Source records
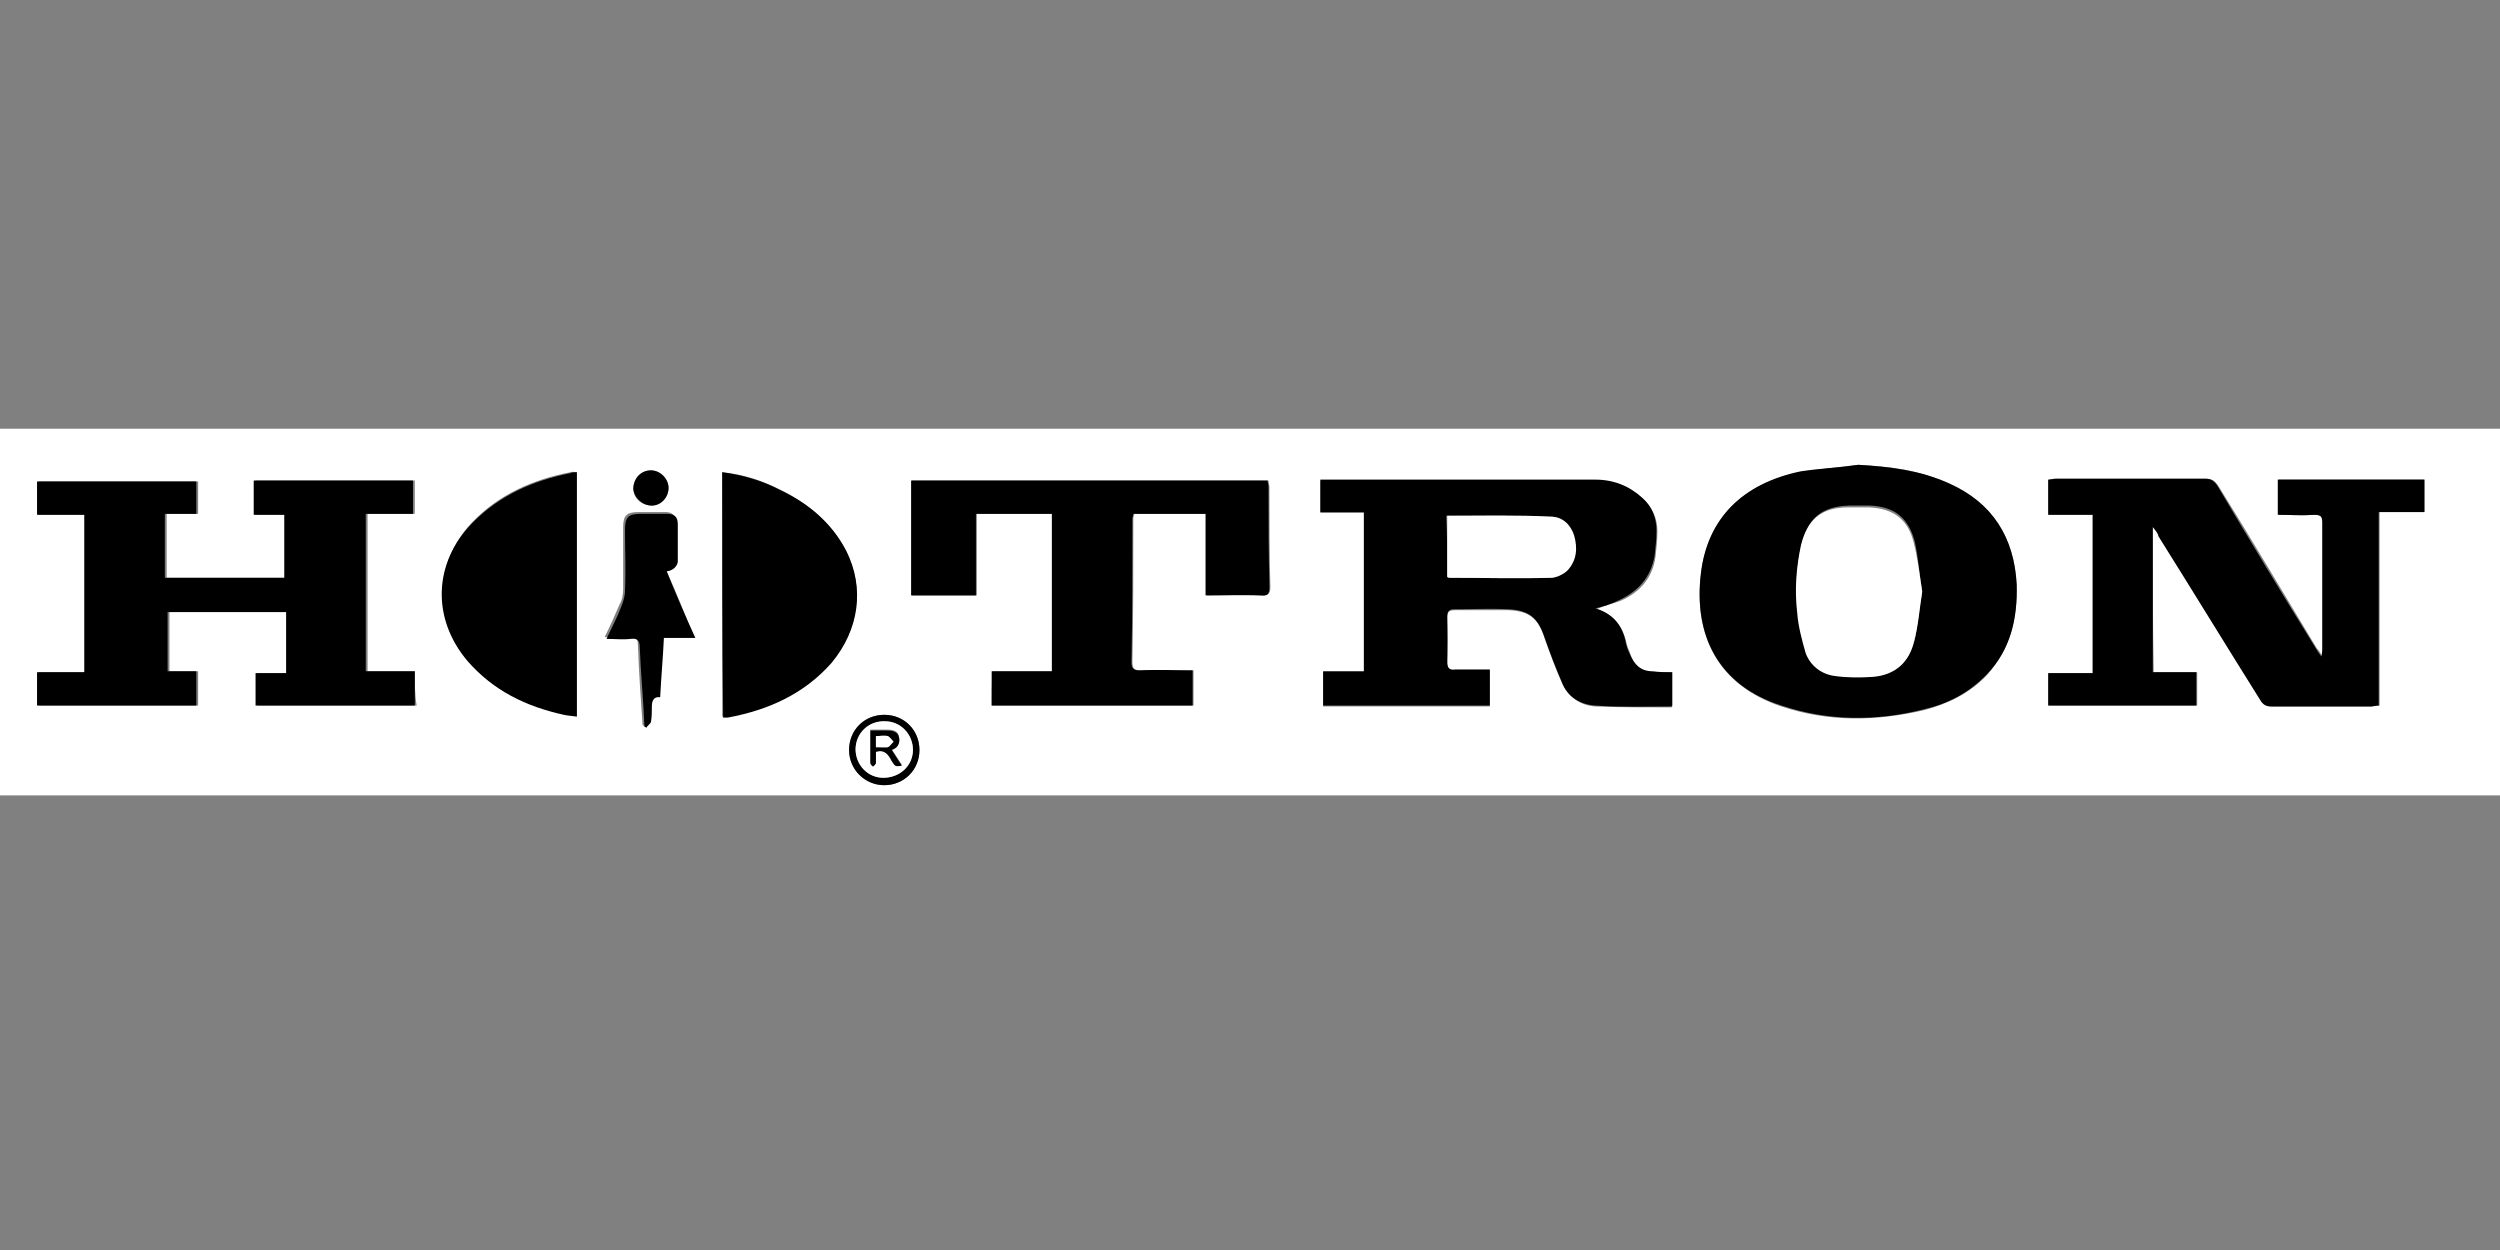 <?xml version="1.0" encoding="utf-8"?>
<!-- Generator: Adobe Illustrator 24.3.0, SVG Export Plug-In . SVG Version: 6.00 Build 0)  -->
<svg version="1.1" id="Lager_1" xmlns="http://www.w3.org/2000/svg" xmlns:xlink="http://www.w3.org/1999/xlink" x="0px" y="0px"
	 viewBox="0 0 270 135" style="enable-background:new 0 0 270 135;" xml:space="preserve">
<rect x="0" y="0" width="270" height="135" fill="#808080" stroke="none"/>
<style type="text/css">
	.st0{fill:#FFFFFF;}
</style>
<g>
	<path class="st0" d="M0,85.9c0-13.2,0-26.4,0-39.6c90,0,180,0,270,0c0,13.2,0,26.4,0,39.6C180,85.9,90,85.9,0,85.9z M232.5,56.9
		c0.3,0.4,0.5,0.7,0.7,1c3.7,5.9,7.4,11.8,11,17.7c0.3,0.4,0.6,0.7,1.2,0.7c3.5,0,7.1,0,10.7,0c0.2,0,0.5-0.1,0.9-0.1
		c0-7,0-13.8,0-20.9c1.7,0,3.3,0,4.9,0c0-1.2,0-2.4,0-3.5c-5.4,0-10.6,0-15.8,0c0,1.3,0,2.5,0,3.8c1.4,0,2.6,0.1,3.9,0
		c0.7,0,0.9,0.2,0.9,0.9c0,4.6,0,9.1,0,13.6c0,0.2-0.1,0.4-0.1,0.8c-0.2-0.4-0.4-0.7-0.6-0.9c-3.5-5.8-7-11.7-10.6-17.5
		c-0.4-0.6-0.7-0.8-1.4-0.8c-5.4,0-10.6,0-16,0c-0.3,0-0.6,0-0.9,0.1c0,1.3,0,2.5,0,3.8c1.6,0,3.2,0,4.8,0c0,5.7,0,11.4,0,17.1
		c-1.7,0-3.2,0-4.8,0c0,1.2,0,2.3,0,3.5c5.4,0,10.7,0,16,0c0-1.2,0-2.3,0-3.6c-1.6,0-3.2,0-4.7,0C232.5,67.4,232.5,62.3,232.5,56.9z
		 M44.8,72.5c-1.7,0-3.4,0-5.1,0c0-5.7,0-11.4,0-17c1.7,0,3.4,0,5.1,0c0-1.2,0-2.4,0-3.6c-5.8,0-11.4,0-17.2,0c0,1.2,0,2.4,0,3.7
		c1.2,0,2.2,0,3.3,0c0,2.4,0,4.6,0,6.8c-4.3,0-8.6,0-12.9,0c0-2.3,0-4.6,0-6.9c1.2,0,2.2,0,3.4,0c0-1.2,0-2.4,0-3.5
		c-5.8,0-11.5,0-17.2,0c0,1.2,0,2.4,0,3.6c1.7,0,3.4,0,5.1,0c0,5.7,0,11.3,0,17c-1.7,0-3.4,0-5.1,0c0,1.3,0,2.5,0,3.6
		c5.8,0,11.4,0,17.2,0c0-1.2,0-2.4,0-3.7c-1.1,0-2.1,0-3.1,0c0-2.2,0-4.3,0-6.4c4.3,0,8.5,0,12.8,0c0,2.2,0,4.3,0,6.6
		c-1.2,0-2.2,0-3.3,0c0,1.2,0,2.3,0,3.5c5.8,0,11.4,0,17.2,0C44.8,75,44.8,73.9,44.8,72.5z M180.6,72.6c-0.7,0-1.4,0-2,0
		c-1.3,0-2.1-0.7-2.5-1.9c-0.1-0.4-0.3-0.7-0.4-1.1c-0.4-1.9-1.4-3.3-3.3-3.8c0.9-0.4,1.8-0.6,2.6-0.9c2.1-0.9,3.5-2.5,3.8-4.8
		c0.1-0.9,0.2-1.8,0.2-2.7c0-1.4-0.5-2.5-1.5-3.5c-1.5-1.3-3.3-2-5.2-2c-9.6,0-19.2,0-28.8,0c-0.3,0-0.6,0-0.9,0c0,1.2,0,2.3,0,3.5
		c1.6,0,3.1,0,4.7,0c0,5.8,0,11.4,0,17.2c-1.5,0-2.9,0-4.4,0c0,1.2,0,2.5,0,3.7c6,0,12,0,18,0c0-1.3,0-2.5,0-3.9c-1.2,0-2.5,0-3.7,0
		c-0.6,0-0.9-0.1-0.9-0.8c0.1-1.6,0.1-3.3,0-4.9c0-0.6,0.2-0.8,0.8-0.8c2,0,3.9,0,5.8,0c2.2,0.1,3.2,0.8,3.9,3
		c0.6,1.7,1.2,3.3,1.9,4.9c0.7,1.5,2,2.4,3.6,2.5c2.7,0.1,5.4,0.1,8.2,0.1c0.1,0,0.1-0.1,0.1-0.1C180.6,75,180.6,73.9,180.6,72.6z
		 M200.7,50.2c-2,0.3-4.1,0.4-6.2,0.8c-6.3,1.2-10.1,5-10.8,11c-0.8,6.6,1.8,12,8.7,14.3c5.1,1.7,10.2,1.6,15.4,0.4
		c2.6-0.7,4.9-1.8,6.8-3.8c2.5-2.8,3.3-6.1,3.2-9.7c-0.2-5.1-2.6-8.8-7.3-10.9C207.3,50.7,204.1,50.4,200.7,50.2z M107.1,76.2
		c7.3,0,14.6,0,21.8,0c0-1.3,0-2.5,0-3.8c-2,0-3.8,0-5.7,0c-0.7,0-0.9-0.2-0.9-0.9c0.1-5.1,0.1-10.3,0.1-15.5c0-0.2,0.1-0.4,0.1-0.5
		c2.6,0,5.2,0,7.8,0c0,2.9,0,5.8,0,8.8c2,0,4,0,5.9,0c0.8,0,1-0.2,1-0.9c-0.1-3.6-0.1-7.2-0.1-10.8c0-0.2-0.1-0.5-0.1-0.7
		c-12.9,0-25.7,0-38.5,0c0,4.1,0,8.3,0,12.4c2.3,0,4.6,0,7,0c0-3,0-5.9,0-8.8c2.8,0,5.5,0,8.2,0c0,5.7,0,11.3,0,17
		c-2.2,0-4.3,0-6.5,0C107.1,73.9,107.1,75,107.1,76.2z M78,51c0,8.9,0,17.6,0,26.4c0.2,0,0.4,0,0.5,0c4.3-0.7,8.3-2.5,11.2-5.9
		c3.1-3.5,3.7-8.1,1.6-12.1c-1.6-3-4.1-5.1-7.2-6.6C82.3,51.9,80.2,51.2,78,51z M62.3,51c-0.2,0-0.5-0.1-0.7,0
		c-4.1,0.8-7.7,2.4-10.6,5.4c-4.1,4.3-4.3,10.4-0.5,14.9c2.7,3.2,6.3,4.9,10.4,5.8c0.4,0.1,0.9,0.1,1.4,0.2
		C62.3,68.6,62.3,59.8,62.3,51z M72,61.7c0.7-0.1,1-0.4,1-1.2c0-1.4,0-2.8,0-4.1c0-0.7-0.4-1.1-1.1-1.1c-0.9,0-1.9,0-2.9,0
		c-1.4,0-1.7,0.4-1.7,1.7c0,2.2,0,4.4,0,6.6c0,0.6-0.1,1.2-0.4,1.7c-0.5,1.2-1,2.3-1.6,3.5c0.9,0,1.8,0.1,2.6,0c0.8-0.1,1,0.2,1,1
		c0.1,2.8,0.3,5.7,0.5,8.5c0.1,0.1,0.1,0.1,0.2,0.1c0.2-0.2,0.5-0.4,0.5-0.6c0.1-0.5,0.1-1.1,0.1-1.7c0-0.6,0.1-1.1,0.9-1
		c0.1-2.2,0.3-4.3,0.4-6.4c1.2,0,2.2,0,3.4,0C74,66.4,73.1,64.1,72,61.7z M99.3,81c0-2.2-1.7-3.8-3.8-3.8c-2.2,0-3.8,1.7-3.8,3.8
		c0,2.1,1.7,3.8,3.8,3.8C97.6,84.8,99.3,83.1,99.3,81z M72.2,52.7c0-1-0.9-1.9-1.9-1.9c-1.1,0-1.9,0.9-1.9,2c0,1,0.9,1.8,2,1.8
		C71.4,54.6,72.2,53.7,72.2,52.7z"/>
	<path d="M232.5,56.9c0,5.4,0,10.4,0,15.7c1.6,0,3.1,0,4.7,0c0,1.3,0,2.4,0,3.6c-5.4,0-10.6,0-16,0c0-1.2,0-2.2,0-3.5
		c1.6,0,3.1,0,4.8,0c0-5.7,0-11.4,0-17.1c-1.6,0-3.1,0-4.8,0c0-1.3,0-2.5,0-3.8c0.3,0,0.6-0.1,0.9-0.1c5.4,0,10.6,0,16,0
		c0.7,0,1,0.2,1.4,0.8c3.5,5.9,7,11.7,10.6,17.5c0.1,0.2,0.3,0.5,0.6,0.9c0.1-0.4,0.1-0.6,0.1-0.8c0-4.6,0-9.1,0-13.6
		c0-0.7-0.1-0.9-0.9-0.9c-1.3,0.1-2.5,0-3.9,0c0-1.2,0-2.5,0-3.8c5.2,0,10.5,0,15.8,0c0,1.2,0,2.3,0,3.5c-1.6,0-3.1,0-4.9,0
		c0,7,0,13.9,0,20.9c-0.4,0-0.6,0.1-0.9,0.1c-3.5,0-7.1,0-10.7,0c-0.6,0-0.9-0.2-1.2-0.7c-3.7-5.9-7.3-11.8-11-17.7
		C233.1,57.6,232.8,57.3,232.5,56.9z"/>
	<path d="M44.8,72.5c0,1.3,0,2.5,0,3.7c-5.7,0-11.4,0-17.2,0c0-1.2,0-2.2,0-3.5c1.1,0,2.2,0,3.3,0c0-2.2,0-4.3,0-6.6
		c-4.3,0-8.5,0-12.8,0c0,2.1,0,4.1,0,6.4c1,0,2,0,3.1,0c0,1.3,0,2.5,0,3.7c-5.7,0-11.4,0-17.2,0c0-1.2,0-2.4,0-3.6
		c1.7,0,3.4,0,5.1,0c0-5.7,0-11.3,0-17c-1.7,0-3.4,0-5.1,0c0-1.2,0-2.4,0-3.6c5.7,0,11.4,0,17.2,0c0,1.2,0,2.3,0,3.5
		c-1.2,0-2.2,0-3.4,0c0,2.3,0,4.6,0,6.9c4.3,0,8.5,0,12.9,0c0-2.2,0-4.5,0-6.8c-1.1,0-2.2,0-3.3,0c0-1.3,0-2.5,0-3.7
		c5.7,0,11.4,0,17.2,0c0,1.2,0,2.4,0,3.6c-1.7,0-3.3,0-5.1,0c0,5.7,0,11.3,0,17C41.4,72.5,43.1,72.5,44.8,72.5z"/>
	<path d="M180.6,72.6c0,1.2,0,2.5,0,3.6c-0.1,0.1-0.1,0.1-0.1,0.1c-2.8,0-5.4,0.1-8.2-0.1c-1.6-0.1-3-0.9-3.6-2.5
		c-0.7-1.6-1.3-3.2-1.9-4.9c-0.7-2.1-1.7-2.9-3.9-3c-2-0.1-3.9,0-5.8,0c-0.6,0-0.8,0.2-0.8,0.8c0,1.6,0,3.3,0,4.9
		c0,0.7,0.3,0.9,0.9,0.8c1.2,0,2.4,0,3.7,0c0,1.4,0,2.6,0,3.9c-6,0-12,0-18,0c0-1.2,0-2.5,0-3.7c1.4,0,2.9,0,4.4,0
		c0-5.7,0-11.4,0-17.2c-1.5,0-3.1,0-4.7,0c0-1.2,0-2.3,0-3.5c0.4,0,0.7,0,0.9,0c9.6,0,19.2,0,28.8,0c2,0,3.7,0.7,5.1,2
		c1,0.9,1.5,2.1,1.5,3.5c0,0.9-0.1,1.8-0.2,2.7c-0.4,2.3-1.7,3.8-3.8,4.8c-0.8,0.4-1.7,0.7-2.6,0.9c2,0.6,3,2,3.3,3.8
		c0.1,0.4,0.2,0.7,0.4,1.1c0.5,1.2,1.2,1.9,2.5,1.9C179.2,72.6,180,72.6,180.6,72.6z M156.3,62.3c0.1,0.1,0.1,0.1,0.2,0.1
		c3.6,0,7.3,0.1,10.9,0c0.7,0,1.4-0.4,1.8-0.8c1-1,1-2.4,0.7-3.8c-0.4-1.2-1.3-2-2.5-2c-3.7-0.1-7.5-0.1-11.2-0.1
		C156.3,57.9,156.3,60.1,156.3,62.3z"/>
	<path d="M200.7,50.2c3.4,0.2,6.7,0.6,9.8,2c4.7,2.1,7,5.8,7.3,10.9c0.1,3.6-0.6,7-3.2,9.7c-1.9,2-4.2,3.2-6.8,3.8
		c-5.1,1.3-10.3,1.3-15.4-0.4c-6.9-2.2-9.5-7.7-8.7-14.3c0.7-5.9,4.5-9.7,10.8-11C196.5,50.6,198.6,50.5,200.7,50.2z M207.6,63.9
		c-0.3-1.8-0.4-3.6-0.8-5.4c-0.7-2.6-2.2-3.8-4.9-3.9c-0.7,0-1.5,0-2.2,0c-2.9,0.1-4.4,1.3-5.1,4.1c-0.6,2.4-0.7,4.9-0.4,7.3
		c0.1,1.4,0.5,3,0.9,4.3c0.4,1.4,1.6,2.3,3.1,2.5c1.4,0.2,2.8,0.2,4.2,0.1c2.4-0.1,3.8-1.5,4.4-3.8
		C207.1,67.5,207.3,65.7,207.6,63.9z"/>
	<path d="M107.1,76.2c0-1.3,0-2.4,0-3.7c2.2,0,4.3,0,6.5,0c0-5.7,0-11.3,0-17c-2.7,0-5.4,0-8.2,0c0,2.9,0,5.8,0,8.8
		c-2.4,0-4.6,0-7,0c0-4.1,0-8.3,0-12.4c12.8,0,25.6,0,38.5,0c0,0.2,0.1,0.4,0.1,0.7c0,3.6,0,7.2,0.1,10.8c0,0.8-0.2,1-1,0.9
		c-2-0.1-3.9,0-5.9,0c0-3,0-5.9,0-8.8c-2.6,0-5.2,0-7.8,0c0,0.1-0.1,0.4-0.1,0.5c0,5.1,0,10.3-0.1,15.5c0,0.7,0.2,0.9,0.9,0.9
		c1.9-0.1,3.8,0,5.7,0c0,1.3,0,2.5,0,3.8C121.7,76.2,114.5,76.2,107.1,76.2z"/>
	<path d="M78,51c2.2,0.3,4.3,0.9,6.2,1.9c3,1.4,5.6,3.5,7.2,6.6c2,4,1.4,8.5-1.6,12.1c-3,3.4-6.9,5.1-11.2,5.9c-0.1,0-0.3,0-0.5,0
		C78,68.6,78,59.9,78,51z"/>
	<path d="M62.3,51c0,8.8,0,17.5,0,26.4c-0.6-0.1-1-0.1-1.4-0.2c-4.1-0.9-7.6-2.6-10.4-5.8c-3.9-4.6-3.7-10.6,0.5-14.9
		c2.9-3,6.6-4.6,10.6-5.4C61.8,51,62,51,62.3,51z"/>
	<path d="M72,61.7c1,2.5,2,4.8,3.1,7.2c-1.2,0-2.2,0-3.4,0c-0.1,2.2-0.3,4.3-0.4,6.4c-0.7-0.1-0.9,0.4-0.9,1c0,0.6,0,1.1-0.1,1.7
		c-0.1,0.2-0.4,0.4-0.5,0.6c-0.1-0.1-0.1-0.1-0.2-0.1c-0.1-2.8-0.4-5.7-0.5-8.5c0-0.8-0.2-1.1-1-1c-0.8,0.1-1.7,0-2.6,0
		c0.6-1.3,1.2-2.4,1.6-3.5c0.2-0.5,0.4-1.1,0.4-1.7c0.1-2.2,0-4.4,0-6.6c0-1.4,0.4-1.7,1.7-1.7c0.9,0,1.9,0,2.9,0
		c0.7,0,1.1,0.3,1.1,1.1c0,1.4,0,2.8,0,4.1C73.1,61.2,72.7,61.6,72,61.7z"/>
	<path d="M99.3,81c0,2.2-1.7,3.8-3.8,3.8c-2.1,0-3.8-1.7-3.8-3.8c0-2.2,1.7-3.8,3.8-3.8C97.7,77.2,99.3,78.9,99.3,81z M95.6,77.9
		c-1.7,0-3.1,1.3-3.2,3c0,1.7,1.3,3.1,3,3.1c1.7,0,3.1-1.3,3.2-3C98.6,79.4,97.2,77.9,95.6,77.9z"/>
	<path d="M72.2,52.7c0,1-0.8,1.9-1.8,1.9s-1.9-0.8-2-1.8c0-1.1,0.8-2,1.9-2C71.3,50.8,72.2,51.7,72.2,52.7z"/>
	<path class="st0" d="M156.3,62.3c0-2.2,0-4.3,0-6.6c3.8,0,7.5-0.1,11.2,0.1c1.2,0,2.1,0.8,2.5,2c0.4,1.4,0.3,2.7-0.7,3.8
		c-0.4,0.4-1.2,0.8-1.8,0.8c-3.6,0.1-7.3,0-10.9,0C156.4,62.4,156.3,62.3,156.3,62.3z"/>
	<path class="st0" d="M207.6,63.9c-0.3,1.8-0.4,3.7-0.9,5.4c-0.5,2.2-2,3.6-4.4,3.8c-1.4,0.1-2.8,0.1-4.2-0.1
		c-1.4-0.2-2.6-1.1-3.1-2.5c-0.4-1.4-0.8-2.9-0.9-4.3c-0.3-2.5-0.1-4.9,0.4-7.3c0.7-2.8,2.2-4.1,5.1-4.1c0.7,0,1.5,0,2.2,0
		c2.7,0.1,4.3,1.3,4.9,3.9C207.1,60.2,207.3,62,207.6,63.9z"/>
	<path class="st0" d="M95.6,77.9c1.7,0,3,1.4,3,3.1s-1.4,3-3.2,3c-1.7,0-3-1.4-3-3.1C92.4,79.2,93.8,77.8,95.6,77.9z M94.6,81.2
		c1-0.4,1.4,0.4,1.7,0.9c0.4,0.7,0.4,0.7,1.1,0.5c-0.4-0.6-0.7-1.1-1.1-1.7c0.6-0.3,1-0.7,0.8-1.3c-0.1-0.7-0.7-0.8-1.3-0.8
		c-0.6,0-1.2,0-1.8,0c0,1.2,0,2.4,0,3.5c0,0.1,0.1,0.2,0.3,0.4c0.1-0.1,0.3-0.2,0.3-0.4C94.6,82.1,94.6,81.7,94.6,81.2z"/>
	<path d="M94.6,81.2c0,0.4,0,0.8,0,1.2c0,0.1-0.1,0.2-0.3,0.4c-0.1-0.1-0.3-0.2-0.3-0.4c0-1.2,0-2.3,0-3.5c0.7,0,1.2,0,1.8,0
		c0.6,0,1.2,0.1,1.3,0.8c0.1,0.7-0.2,1.1-0.8,1.3c0.4,0.6,0.7,1.1,1.1,1.7c-0.7,0.1-0.7,0.1-1.1-0.5C96,81.6,95.6,80.9,94.6,81.2z
		 M94.6,80.7c0.5,0,0.9,0.1,1.3,0c0.2-0.1,0.4-0.4,0.6-0.6c-0.2-0.2-0.4-0.5-0.6-0.6c-0.4-0.1-0.9,0-1.3,0
		C94.6,79.9,94.6,80.2,94.6,80.7z"/>
	<path class="st0" d="M94.6,80.7c0-0.4,0-0.8,0-1.2c0.4,0,0.9-0.1,1.3,0c0.2,0.1,0.4,0.4,0.6,0.6c-0.2,0.2-0.4,0.5-0.6,0.6
		C95.6,80.7,95.1,80.7,94.6,80.7z"/>
</g>
</svg>

• TRY IT:
The word "class" may occur in lines of the records. Report how many such lines there are, giving only the number.

• YOUR RESPONSE:
5